The variants for a population or cohort are stored in a GVM (42Genetics Variant Map). This is a repository that can be used to manage the samples and to search for patterns in the genetic profile. Using the GVM allows you to play with the data. You can take different groups of samples out of a large GVM into a separate GVM to further enhance the quality of the calls in e.g. a phenotype related cohort.
The speed and ease of use of 42Genetics Population frees up time to really focus on the meaning of the data instead of dealing with the data. The storage system is designed and tested to run with consistent file systems such as S3 from Amazon.

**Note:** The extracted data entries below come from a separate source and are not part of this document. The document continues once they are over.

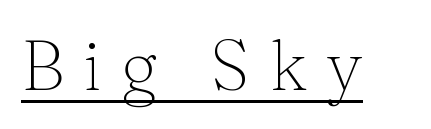
The image shows 70 px thin serif type, upright; set unusually wide letter spacing (+0.27 em), underlined; medium stroke contrast and a medium x-height.
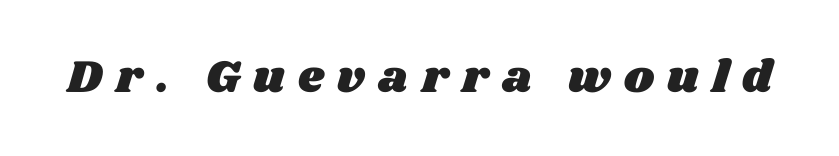
The image shows 46 px wide type; set unusually wide letter spacing (+0.29 em), not underlined; medium stroke contrast and a large x-height.
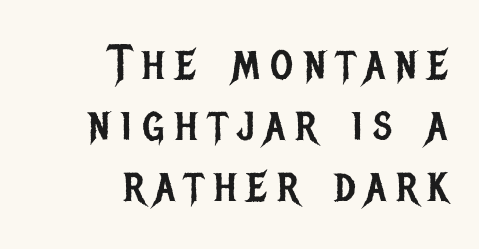
{"serif": "no", "italic": "no", "bold": "no", "weight": "regular", "width": "condensed", "stroke_contrast": "low", "x_height": "large", "monospaced": "no", "underline": "no", "align": "right", "line_spacing": "normal", "line_spacing_ratio": 1.25, "letter_spacing": "wide", "letter_spacing_em": 0.21, "glyph_px": 49}
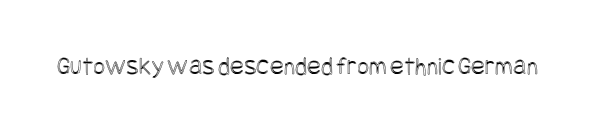
The image shows 26 px text type, upright; set normal letter spacing, not underlined.

The signature of a GVM can be captured in a profile. This profile contains condensed information about the calls and their occurrences in a GVM. Such profile can be used to apply CBCE during germline calling or somatic calling as if the samples were called as part of the GVM cohort the profile was derived from.
Unlike other solutions, 42Genetics Population is incremental. This means that adding 100 samples to a population of 1,000 takes the processing cost of only 100. There is no need to revisit the 1,000 samples that are already part of the GVM. This method allows dealing with thousands of samples in a linear way following a natural production flow.